Traditional nakurnjak packaged for tourists, Image: Sonja Leka


Keeping heritage alive through tourism – A happy and fruitful marriage in the old days was all down to the women’s kitting skills!

In this area of Croatia, where the space is richest and the population poorest, Lika county is a mainly hilly and mountainous region, where life was never easy. With short summers and long winters, the fire In Lika´s furnaces burns almost all year round.

According to an old legend, Lika is named after the ancient Greek word, lycos, meaning wolves – land of wolves. There is a younger legend that the Romans found a good source of clean, drinking water there so they named it Lika, after the latin word, liquor, meaning (running) water. And there is also a folk tale: Once upon a time, the ancient people (Greek or Roman, we are not sure) just moved away from region. It was too cold. They experienced snow in June and it was too much for them. Only the hardiest people remined. That is how the Lika people came to be.
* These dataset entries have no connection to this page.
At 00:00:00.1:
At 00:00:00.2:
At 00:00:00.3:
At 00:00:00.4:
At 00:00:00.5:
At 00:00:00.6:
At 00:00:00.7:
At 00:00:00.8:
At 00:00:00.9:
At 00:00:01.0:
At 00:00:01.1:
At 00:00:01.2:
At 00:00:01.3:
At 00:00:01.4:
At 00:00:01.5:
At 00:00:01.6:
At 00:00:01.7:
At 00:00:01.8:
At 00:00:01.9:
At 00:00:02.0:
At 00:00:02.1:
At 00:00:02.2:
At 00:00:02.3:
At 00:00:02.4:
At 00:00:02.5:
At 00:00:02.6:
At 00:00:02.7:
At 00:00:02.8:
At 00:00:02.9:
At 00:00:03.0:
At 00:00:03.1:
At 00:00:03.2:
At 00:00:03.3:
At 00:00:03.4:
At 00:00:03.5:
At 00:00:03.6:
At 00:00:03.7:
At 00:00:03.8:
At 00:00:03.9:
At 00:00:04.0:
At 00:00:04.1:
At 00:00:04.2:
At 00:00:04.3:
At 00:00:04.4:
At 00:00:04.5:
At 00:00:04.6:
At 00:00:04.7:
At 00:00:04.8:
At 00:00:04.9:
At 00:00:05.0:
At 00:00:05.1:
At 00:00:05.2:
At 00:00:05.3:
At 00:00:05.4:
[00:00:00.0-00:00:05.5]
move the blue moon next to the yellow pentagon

Life in Lika is not easy, but nature is wonderful. Lika is full of clean drinking water and it boasts the Plitvice lakes, a pearl of nature, well known throughout the world and protected by UNESCO.

The people in Lika are mostly mountaineers. They don’t talk much, but in talking they use a lot of riddles. Lika’s people like to joke about themselves. They say that the bear was their father, and the beech tree their mother. One of the world’s greatest minds, Nikola Tesla, was born and grew up in Lika county.
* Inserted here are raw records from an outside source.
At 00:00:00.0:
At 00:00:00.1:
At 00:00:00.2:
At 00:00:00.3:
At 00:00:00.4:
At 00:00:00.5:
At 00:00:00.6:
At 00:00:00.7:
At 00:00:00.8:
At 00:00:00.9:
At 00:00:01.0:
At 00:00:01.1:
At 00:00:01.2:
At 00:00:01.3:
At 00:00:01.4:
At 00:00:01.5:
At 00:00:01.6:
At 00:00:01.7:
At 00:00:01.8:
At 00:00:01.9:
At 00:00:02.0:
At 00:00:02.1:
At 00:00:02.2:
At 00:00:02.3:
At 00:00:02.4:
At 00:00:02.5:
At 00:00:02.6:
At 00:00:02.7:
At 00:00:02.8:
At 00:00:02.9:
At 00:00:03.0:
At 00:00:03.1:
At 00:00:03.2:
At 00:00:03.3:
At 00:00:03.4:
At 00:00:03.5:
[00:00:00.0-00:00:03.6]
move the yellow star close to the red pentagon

The folk costume is simple, just a few colours: dark red, black, brown, green. The women wore a cotton dress, a woollen apron, woollen socks and a scarf. The men wore cotton shirts, woollen trousers, woollen socks and a leather vest. Sheep’s wool was mostly used to make textiles, in addition to flax and hemp.

Although the women did not wear underwear, the men traditionally wore a very specific style of woollen underwear – a suspender or codpiece called a nakurnjak or ‘willy warmer’. Every young girl had to knit a coarse sheep’s wool suspender for her future husband before marriage. Sometimes she could determine the size herself, sometimes with help from more experienced cousins, grandmothers or godparents. If there was no help in sizing, a hand-held coffee grinder was used as a model!

A married woman’s duty was to bring a box of clothes and bedding to the new family. Placed carefully on top of the box was the male suspender made of coarse sheep’s wool. It was said that the tingling sensation produced by wearing the wool next to the skin produced good blood circulation and ensured fertility to produce a lot of children. The suspender was worn in winter (to keep warm) and also in summer (to keep cool) and also provided protection in horse riding.

The woollen suspenders were made in the Lika region until the 1950s but since then have been forgotten, apart from as an exhibit in ethnomuseums. However, for the last fifteen years the suspenders have been made as a souvenir and an unusual gift, with some of the older women willing to talk about this old custom, so the tourism trade is somewhat keeping the heritage alive for those who would like to understand it.